Prompt: In the listing below, a line holding "cover by kind: coniferous" and a line holding "longitude: 13.8363" mark the range. Retype both exactly, with all lines between them.

Dataset content:
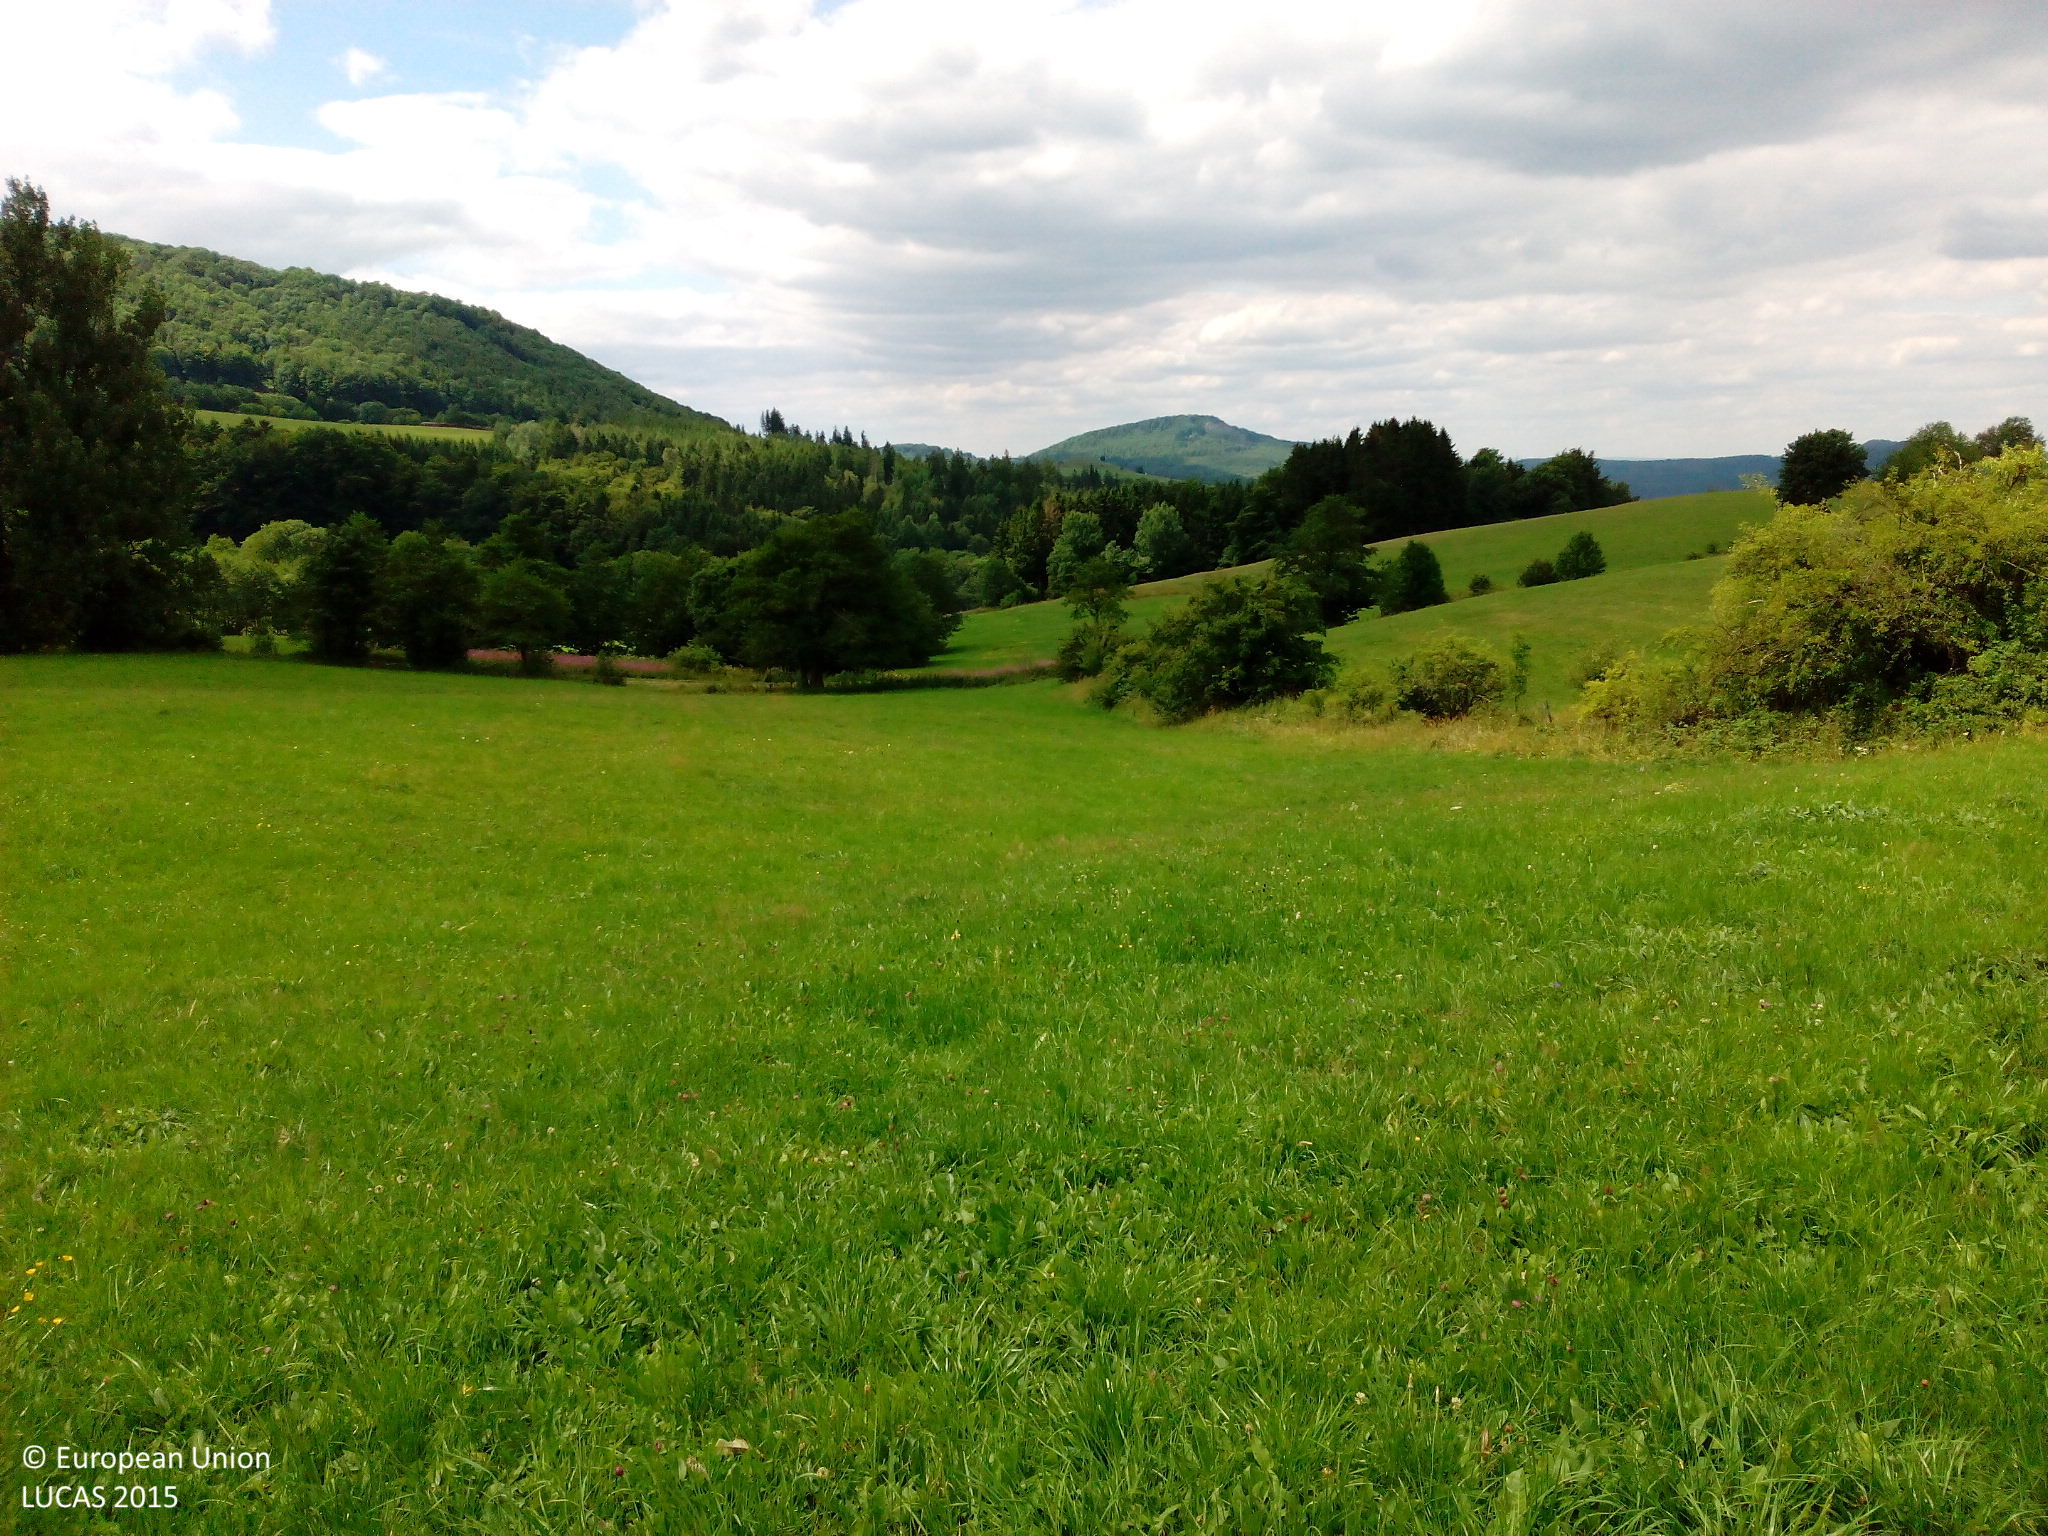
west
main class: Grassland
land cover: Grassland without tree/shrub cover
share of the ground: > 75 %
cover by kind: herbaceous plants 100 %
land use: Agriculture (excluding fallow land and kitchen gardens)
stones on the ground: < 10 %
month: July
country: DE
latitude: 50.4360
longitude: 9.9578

* * *

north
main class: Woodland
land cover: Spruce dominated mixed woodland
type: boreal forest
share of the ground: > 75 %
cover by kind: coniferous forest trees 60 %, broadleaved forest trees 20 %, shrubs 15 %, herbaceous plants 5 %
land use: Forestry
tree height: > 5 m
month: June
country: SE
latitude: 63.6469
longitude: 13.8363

Written solution:
cover by kind: coniferous forest trees 60 %, broadleaved forest trees 20 %, shrubs 15 %, herbaceous plants 5 %
land use: Forestry
tree height: > 5 m
month: June
country: SE
latitude: 63.6469
longitude: 13.8363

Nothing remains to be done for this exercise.